12° Giorno Aleppey –  Fort Kochi – Kochi Airport (75km- 2,5h)
Check-out e  si prosegue fino a Fort Kochi per la visita della città coloniale
In serata trasferimento all’hotel nei pressi dell’aeroporto per rinfrescarsi e riposarsi prima del volo di rientro alle prime ore del mattino del giorno seguente.
Conosciuta col nome di Kochi o Cochin, è una delle più famose città storiche del Kerala, nota anche per le sue lagune e spiagge di eccezionale bellezza. La prima comunità cristiana del Kerala è collocata intorno all’anno 50 d.C. e secondo la tradizione fu fondata direttamente dall’apostolo Tommaso, qui sbarcato coi suoi seguaci siriani, che diedero origine a un rito tuttora attuale e specifico, il Siro-Malabar, appunto. E la moschea Cheraman Perumal Juma Masjid, a Kondugallur, è considerata la più antica del Paese, fondata, si dice, nel 629 d.C., così come a Kochi/Cochin esiste ancora una piccolissima e molto antica comunità ebraica che ebbe grande splendore, come testimonia ancora la bellissima sinagoga. Visitando il vecchio quartiere ebraico, colpiscono le decorazioni che alternano stelle di David, simbolo ebreo per eccellenza, a ignare svastiche, simbolo indù di prosperità, e che sarebbero state usate secoli dopo come simbolo di orrore e sterminio contro questo stesso popolo, che qui le aveva assorbite come proprie.
Colpiscono sempre anche le grandi reti da pesca cinesi che arrivarono in India coi Mongoli e che ancora oggi costellano la laguna della città e la sua costa, che vide arrivare e accolse i Fenici, i Romani e i Portoghesi, che con Vasco da Gama nel 1498 aprirono la via alle Indie Orientali per le monarchie europee, gli Olandesi e i commercianti di spezie di tutta Europa e che oggi ospita un grande porto commerciale, complessi industriali e residenziali di stile internazionale, spesso finanziati e acquistati grazie alla forte emigrazione dei locali verso i Paesi del Golfo, le loro notevoli rimesse e gli investimenti in Kerala dei Paesi arabi, tornati protagonisti dell’area dopo secoli di dominio commerciale europeo.

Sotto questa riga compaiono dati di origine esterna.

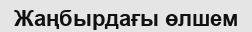
Жаңбырдағы өлшем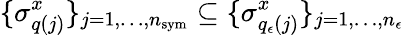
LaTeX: \{ \sigma_{q(j)}^{x}\} _{j=1,\dots,n_{\mathrm{sym}}}\subseteq\{ \sigma_{q_{\epsilon}(j)}^{x}\} _{j=1,\dots,n_{\epsilon}}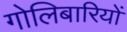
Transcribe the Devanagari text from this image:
गोलिबारियों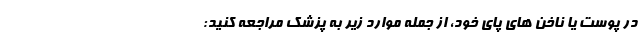
در پوست یا ناخن های پای خود، از جمله موارد زیر به پزشک مراجعه کنید:

Commoventi piccoli cimiteri narrano però ancora, con le loro lapidi spezzate, nascoste da muschi e rampicanti, qualche frammento di vita delle spose, dei figli e di quei commercianti che dall’Europa giunsero nei secoli scorsi a Kochi in cerca di fortuna.

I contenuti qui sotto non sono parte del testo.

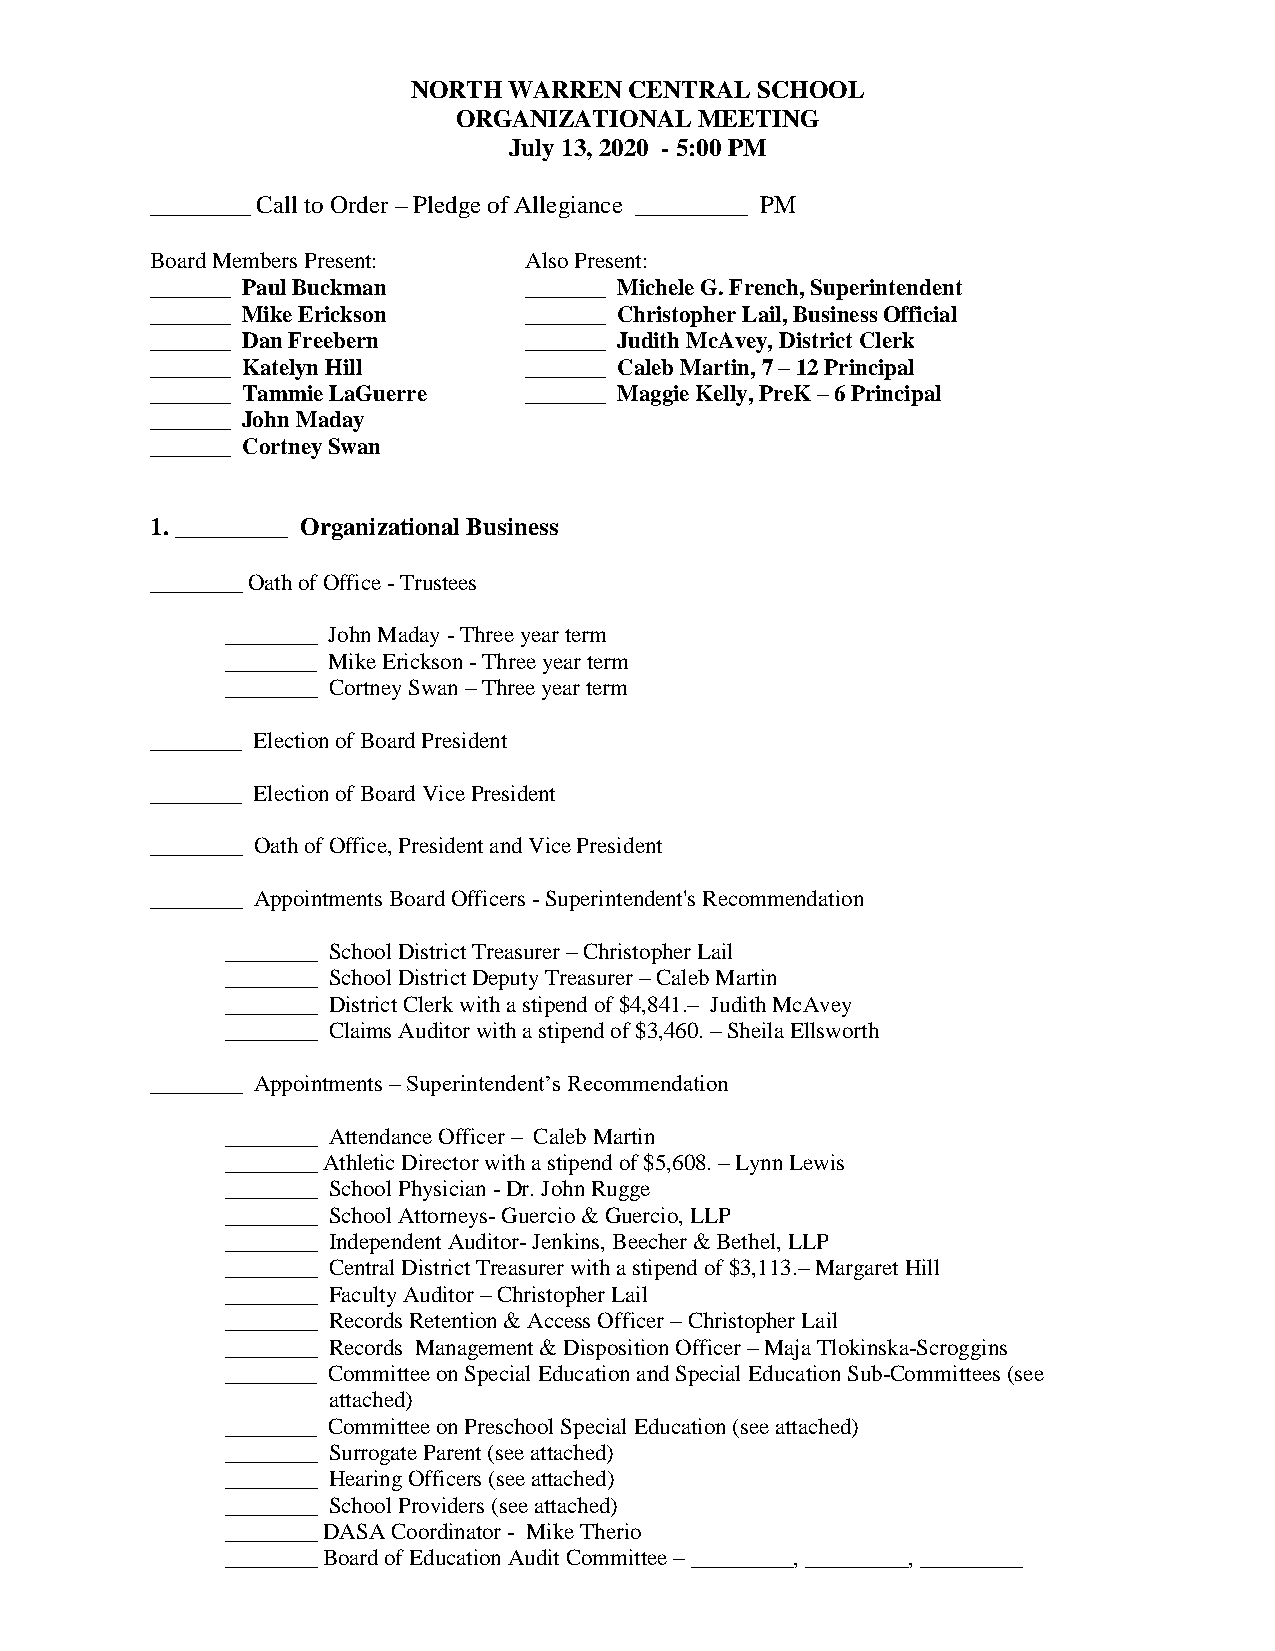
NORTH  WARREN  CENTRAL SCHOOL
 ORGANIZATIONAL  MEETING
 July 13, 2020 - 5:00 PM
 ________ Call to Order – Pledge of Allegiance _________ PM
 Board Members Present:   Also Present:
 _______ Paul Buckman     _______ Michele G. French, Superintendent
 _______ Mike Erickson    _______ Christopher Lail, Business Official
 _______ Dan Freebern     _______ Judith McAvey, District Clerk
 _______ Katelyn Hill     _______ Caleb Martin, 7 – 12 Principal
 _______ Tammie LaGuerre  _______ Maggie Kelly, PreK – 6 Principal
 _______ John Maday
 _______ Cortney Swan
 1. _________ Organizational Business
 ________ Oath of Office - Trustees
 ________ John Maday - Three year term
 ________ Mike Erickson - Three year term
 ________ Cortney Swan – Three year term
 ________ Election of Board President
 ________ Election of Board Vice President
 ________ Oath of Office, President and Vice President
 ________ Appointments Board Officers - Superintendent's Recommendation
 ________ School District Treasurer – Christopher Lail
 ________ School District Deputy Treasurer – Caleb Martin
 ________ District Clerk with a stipend of $4,841.– Judith McAvey
 ________ Claims Auditor with a stipend of $3,460. – Sheila Ellsworth
 ________ Appointments – Superintendent’s Recommendation
 ________ Attendance Officer – Caleb Martin
 ________ Athletic Director with a stipend of $5,608. – Lynn Lewis
 ________ School Physician - Dr. John Rugge
 ________ School Attorneys- Guercio & Guercio, LLP
 ________ Independent Auditor- Jenkins, Beecher & Bethel, LLP
 ________ Central District Treasurer with a stipend of $3,113.– Margaret Hill
 ________ Faculty Auditor – Christopher Lail
 ________ Records Retention & Access Officer – Christopher Lail
 ________ Records Management & Disposition Officer – Maja Tlokinska-Scroggins
 ________ Committee on Special Education and Special Education Sub-Committees (see
 attached)
 ________ Committee on Preschool Special Education (see attached)
 ________ Surrogate Parent (see attached)
 ________ Hearing Officers (see attached)
 ________ School Providers (see attached)
 ________ DASA Coordinator - Mike Therio
 ________ Board of Education Audit Committee – _________, _________, _________

13° Giorno Kochi Airport partenza
Trasferimento in aeroporto in tempo per il volo di rientro

Dopo lo sbarco dall’ house boat possibilità di aggiungere notti presso il Marari Beach Resort 

12° Giorno Aleppey – Mararikulam (15km- 0,5h)
Sbarco dall’houseboat e trasferimento al piccolo villaggio di Mararikulam, sulle sponde del mare arabico, ove sorge il resort.

LA QUOTA COMPRENDE:

  • accoglienza e assistenza in aeroporto all’arrivo e alla partenza
  • sistemazione in albergo in camera doppia
  • colazione tutti i giorni in hotel
  • tutte le visite e le escursioni descritte nell’itinerario con guide locali parlanti Inglese (possibilità di avere           accompagnatore parlante italiano)
  • auto privata con aria condizionata per tutto il viaggio con autista parlante inglese
  • tutti gli ingressi ai monumenti descritti nell’itinerario
  • Houseboat ad Allapphuzha
  • tutte le tasse governative applicabili e i relativi costi di servizio

LA QUOTA NON COMPRENDE:

  • visto per l’India
  • spese per l’utilizzo di macchine fotografiche e/o videocamere
  • assicurazione medica, bagaglio e annullamento viaggio
  • tutte le spese personali, quali mance, bevande al tavolo, facchinaggi, lavanderia, chiamate telefoniche
  • tutto quanto non espressamente indicato alla voce “La quota comprende”.